MATERIAL TO PROCESS:
_____

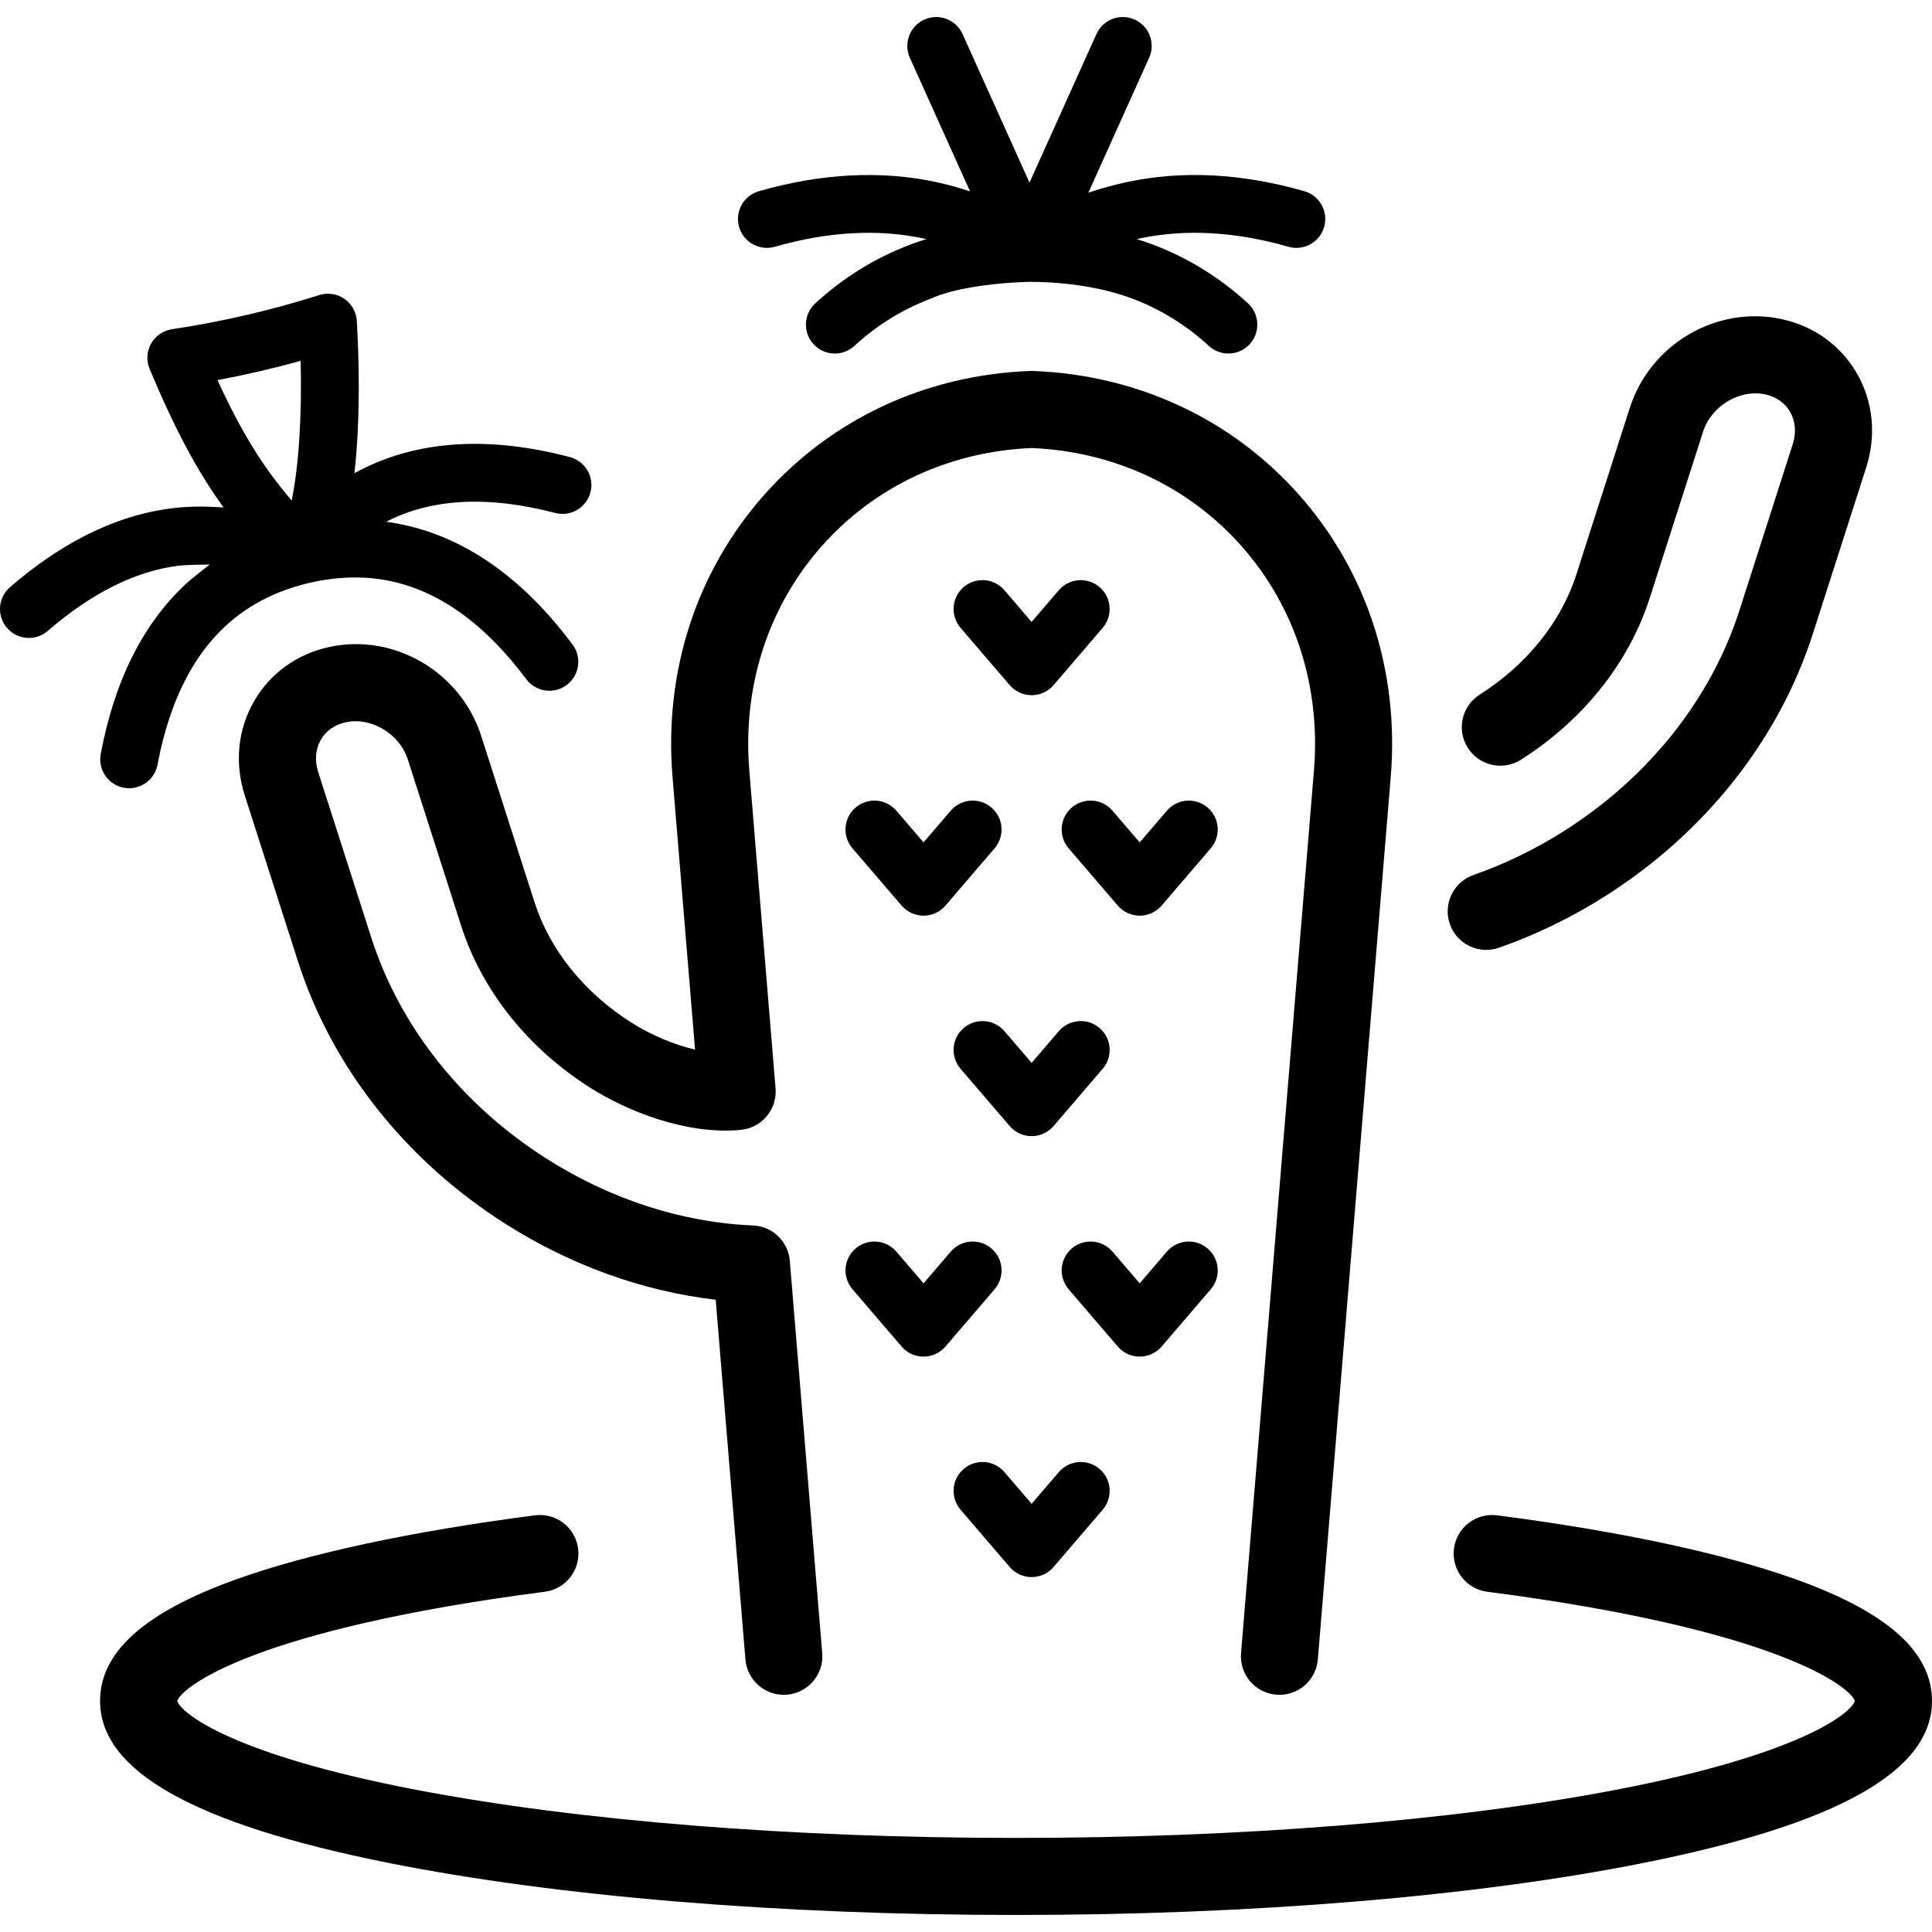 <?xml version="1.0" encoding="iso-8859-1"?>
<!-- Generator: Adobe Illustrator 17.1.0, SVG Export Plug-In . SVG Version: 6.00 Build 0)  -->
<!DOCTYPE svg PUBLIC "-//W3C//DTD SVG 1.1//EN" "http://www.w3.org/Graphics/SVG/1.1/DTD/svg11.dtd">
<svg version="1.1" id="Capa_1" xmlns="http://www.w3.org/2000/svg" xmlns:xlink="http://www.w3.org/1999/xlink" x="0px" y="0px"
	 viewBox="0 0 401.141 401.141" style="enable-background:new 0 0 401.141 401.141;" xml:space="preserve">
<path id="XMLID_207_" d="M205.863,167.675c2.515,2.157,2.805,5.945,0.646,8.461l-10.202,11.892c-1.14,1.328-2.803,2.093-4.554,2.093
	s-3.414-0.765-4.554-2.093l-10.202-11.892c-2.158-2.516-1.868-6.304,0.646-8.461s6.303-1.868,8.461,0.646l5.648,6.584l5.648-6.584
	C199.56,165.808,203.349,165.519,205.863,167.675z M219.842,214.099l-5.646,6.584l-5.649-6.585
	c-2.158-2.515-5.946-2.804-8.461-0.646s-2.805,5.945-0.646,8.461l10.204,11.894c1.14,1.328,2.804,2.093,4.555,2.093
	c1.75,0,3.414-0.765,4.554-2.094l10.2-11.894c2.157-2.516,1.866-6.304-0.648-8.461C225.788,211.294,221.999,211.583,219.842,214.099
	z M228.303,121.899c-2.515-2.156-6.302-1.867-8.461,0.648l-5.646,6.584l-5.649-6.585c-2.158-2.515-5.946-2.805-8.461-0.646
	s-2.804,5.946-0.646,8.461l10.204,11.893c1.141,1.328,2.804,2.093,4.555,2.093c1.75,0,3.413-0.765,4.554-2.094l10.2-11.893
	C231.108,127.844,230.818,124.057,228.303,121.899z M160.876,51.233c11.062-3.164,21.478-3.738,30.952-1.705
	c0.169,0.036,0.337,0.073,0.505,0.111c-1.157,0.362-2.296,0.757-3.417,1.182c-7.242,2.747-13.852,6.841-19.644,12.168
	c-2.439,2.243-2.598,6.039-0.354,8.478c1.183,1.286,2.798,1.938,4.418,1.938c1.451,0,2.907-0.523,4.06-1.584
	c4.662-4.287,9.97-7.577,15.776-9.78c7.315-3.335,20.508-3.518,20.666-3.521c7.844,0.018,15.434,1.268,21.38,3.521
	c5.809,2.202,11.116,5.493,15.775,9.779c2.441,2.245,6.236,2.082,8.479-0.354c2.243-2.439,2.085-6.235-0.354-8.479
	c-5.791-5.326-12.4-9.42-19.646-12.168c-1.11-0.421-2.262-0.813-3.45-1.175c0.179-0.04,0.357-0.079,0.537-0.118
	c9.478-2.032,19.893-1.46,30.953,1.705c3.185,0.915,6.507-0.932,7.419-4.118c0.911-3.186-0.933-6.508-4.118-7.419
	c-12.973-3.712-25.345-4.354-36.771-1.9c-2.324,0.499-5.078,1.207-8.067,2.209l12.619-28.003c1.361-3.021,0.016-6.574-3.006-7.936
	c-3.023-1.362-6.574-0.014-7.936,3.006l-13.898,30.844L199.855,7.072c-1.361-3.021-4.912-4.37-7.936-3.005
	c-3.021,1.361-4.367,4.914-3.005,7.935l12.502,27.744c-2.32-0.787-4.679-1.438-7.07-1.95c-11.422-2.452-23.794-1.812-36.771,1.9
	c-3.186,0.911-5.029,4.233-4.118,7.419S157.684,52.143,160.876,51.233z M236.637,190.12c1.75,0,3.413-0.765,4.553-2.094l10.2-11.892
	c2.158-2.515,1.868-6.303-0.647-8.46c-2.515-2.156-6.303-1.868-8.46,0.647l-5.647,6.583l-5.649-6.584
	c-2.16-2.515-5.946-2.804-8.461-0.646c-2.515,2.158-2.804,5.946-0.646,8.461l10.204,11.892
	C233.223,189.356,234.886,190.12,236.637,190.12z M36.964,117.471c-8.92,1.146-17.973,5.686-27.04,13.522
	c-2.509,2.168-6.296,1.892-8.463-0.615c-2.167-2.508-1.892-6.297,0.615-8.463c13.182-11.393,26.79-17.01,40.43-16.723
	c1.216,0.026,2.53,0.08,3.915,0.174c-5.625-7.751-10.229-16.541-15.355-28.757c-0.716-1.708-0.604-3.651,0.305-5.266
	c0.909-1.614,2.513-2.718,4.345-2.99c5.086-0.757,10.274-1.746,15.42-2.94c5.128-1.189,10.223-2.585,15.142-4.148
	c1.764-0.562,3.688-0.277,5.216,0.773c1.526,1.049,2.482,2.744,2.591,4.593c0.406,6.906,0.844,19.797-0.5,31.624
	c0.354-0.195,0.712-0.387,1.071-0.572c12.121-6.273,26.811-7.211,43.661-2.783c3.205,0.842,5.12,4.122,4.278,7.327
	c-0.841,3.206-4.122,5.125-7.327,4.278c-13.879-3.644-25.683-3.03-35.081,1.827c0.942,0.127,1.88,0.282,2.81,0.467
	c13.388,2.648,25.46,11.07,35.883,25.032c1.981,2.655,1.436,6.415-1.22,8.396c-2.656,1.983-6.415,1.437-8.396-1.219
	c-8.591-11.508-18.212-18.384-28.595-20.438c-5.167-1.022-10.678-0.874-16.38,0.441c0,0-0.001,0-0.002,0
	c-5.702,1.333-10.716,3.625-14.902,6.815c-8.421,6.418-14.032,16.827-16.677,30.939c-0.54,2.883-3.06,4.896-5.891,4.896
	c-0.367,0-0.738-0.033-1.112-0.104c-3.257-0.61-5.402-3.746-4.792-7.003c2.878-15.355,8.911-27.296,17.956-35.565
	c1.041-0.952,4.193-3.418,4.68-3.761C43.084,117.211,38.731,117.244,36.964,117.471z M60.563,103.913
	c1.467-7.15,2.146-17.425,1.859-28.989c-2.834,0.783-5.7,1.512-8.575,2.179c-2.886,0.67-5.786,1.279-8.677,1.823
	C50.011,89.527,54.52,96.886,60.563,103.913z M236.637,281.674c1.75,0,3.414-0.765,4.554-2.094l10.2-11.893
	c2.157-2.516,1.867-6.303-0.648-8.461c-2.515-2.156-6.302-1.867-8.461,0.648l-5.646,6.584l-5.649-6.585
	c-2.158-2.515-5.946-2.804-8.461-0.646c-2.515,2.158-2.804,5.946-0.646,8.461l10.204,11.893
	C233.223,280.909,234.886,281.674,236.637,281.674z M187.2,279.58c1.14,1.329,2.803,2.094,4.554,2.094s3.414-0.765,4.554-2.094
	l10.202-11.893c2.158-2.515,1.868-6.303-0.647-8.46c-2.515-2.156-6.303-1.868-8.46,0.647l-5.648,6.584l-5.648-6.584
	c-2.158-2.517-5.947-2.805-8.46-0.647c-2.516,2.157-2.806,5.945-0.647,8.46L187.2,279.58z M209.643,325.357
	c1.141,1.328,2.804,2.093,4.555,2.093c1.75,0,3.413-0.765,4.554-2.094l10.2-11.893c2.157-2.516,1.867-6.304-0.648-8.461
	c-2.515-2.156-6.302-1.867-8.461,0.648l-5.646,6.584l-5.649-6.585c-2.158-2.515-5.946-2.804-8.461-0.646
	c-2.515,2.158-2.804,5.946-0.646,8.461L209.643,325.357z M308.586,197.23c0.878,0,1.771-0.146,2.647-0.453
	c7.71-2.704,15.159-6.325,22.141-10.763c20.714-13.159,35.998-32.491,43.035-54.434l11.079-34.544
	c2.132-6.726,1.435-13.667-1.964-19.545c-3.34-5.774-8.862-9.76-15.548-11.221c-13.495-2.958-27.38,5.179-31.606,18.492
	l-11.071,34.516c-3.168,9.88-10.298,18.741-20.076,24.952c-3.729,2.369-4.833,7.313-2.464,11.042s7.311,4.831,11.042,2.464
	c12.931-8.214,22.425-20.136,26.733-33.571l11.079-34.539c1.698-5.353,7.631-8.893,12.944-7.726
	c2.239,0.489,4.056,1.769,5.115,3.601c1.12,1.936,1.319,4.314,0.571,6.674l-11.071,34.519
	c-5.896,18.388-18.816,34.658-36.381,45.816c-5.952,3.783-12.296,6.868-18.854,9.169c-4.17,1.462-6.364,6.027-4.901,10.196
	C302.192,195.169,305.283,197.23,308.586,197.23z M110.993,187.354L99.93,152.862c-4.229-13.337-18.115-21.474-31.612-18.518
	c-6.687,1.462-12.21,5.448-15.549,11.224c-3.399,5.878-4.097,12.819-1.956,19.57l11.072,34.519
	c7.037,21.94,22.319,41.271,43.031,54.433c13.553,8.612,28.523,14.003,43.685,15.777l6.171,74.685
	c0.345,4.179,3.844,7.341,7.964,7.341c0.221,0,0.443-0.009,0.668-0.027c4.403-0.363,7.678-4.229,7.313-8.632l-6.73-81.454
	c-0.332-4.02-3.605-7.164-7.635-7.334c-14.746-0.622-29.564-5.415-42.854-13.859c-17.562-11.159-30.479-27.43-36.376-45.815
	l-11.064-34.493c-0.756-2.385-0.557-4.765,0.563-6.7c1.061-1.833,2.877-3.112,5.117-3.602c5.31-1.17,11.245,2.372,12.949,7.748
	l11.071,34.518c4.31,13.434,13.803,25.356,26.733,33.571c7.78,4.943,20.089,9.848,31.319,8.784c4.361-0.413,7.58-4.257,7.219-8.624
	l-5.45-65.967c-1.444-17.491,3.903-34.055,15.059-46.639c10.994-12.402,26.453-19.62,43.559-20.345
	c17.105,0.725,32.565,7.942,43.559,20.345c11.155,12.585,16.502,29.147,15.057,46.638l-15.138,183.229
	c-0.364,4.402,2.911,8.268,7.314,8.631c4.396,0.368,8.269-2.91,8.631-7.314l15.138-183.228c1.809-21.885-4.949-42.685-19.028-58.569
	c-13.983-15.775-33.598-24.914-55.23-25.732c-0.201-0.008-0.404-0.008-0.605,0c-21.632,0.818-41.245,9.957-55.229,25.732
	c-14.081,15.884-20.839,36.684-19.031,58.569l4.677,56.605c-4.386-1.033-9.115-3.002-13.239-5.622
	C121.291,206.094,114.161,197.233,110.993,187.354z M372.99,327.959c-15.027-5.403-36.515-10.014-62.14-13.331
	c-4.39-0.562-8.395,2.525-8.961,6.906c-0.567,4.382,2.524,8.394,6.906,8.961c60.104,7.782,75.361,19.708,76.327,22.676
	c-0.822,2.579-11.465,11.157-49.818,18.487c-33.565,6.415-77.725,9.948-124.345,9.948c-46.618,0-90.777-3.533-124.343-9.948
	c-38.352-7.329-48.995-15.908-49.818-18.487c0.967-2.969,16.228-14.895,76.328-22.676c4.382-0.567,7.474-4.579,6.906-8.961
	c-0.566-4.38-4.563-7.47-8.961-6.906c-25.625,3.317-47.112,7.928-62.14,13.331c-18.943,6.811-28.151,15.058-28.151,25.211
	c0,14.569,19.558,25.563,59.79,33.609c34.91,6.982,81.216,10.827,130.389,10.827c49.174,0,95.48-3.845,130.391-10.827
	c40.232-8.047,59.79-19.04,59.79-33.609C401.141,343.017,391.933,334.77,372.99,327.959z"/>
<g>
</g>
<g>
</g>
<g>
</g>
<g>
</g>
<g>
</g>
<g>
</g>
<g>
</g>
<g>
</g>
<g>
</g>
<g>
</g>
<g>
</g>
<g>
</g>
<g>
</g>
<g>
</g>
<g>
</g>
</svg>

_____

TASK TO CARRY OUT: For each line of the material that includes the word "http", make a copy.

SOLUTION TO THIS EXERCISE:
<!DOCTYPE svg PUBLIC "-//W3C//DTD SVG 1.1//EN" "http://www.w3.org/Graphics/SVG/1.1/DTD/svg11.dtd">
<svg version="1.1" id="Capa_1" xmlns="http://www.w3.org/2000/svg" xmlns:xlink="http://www.w3.org/1999/xlink" x="0px" y="0px"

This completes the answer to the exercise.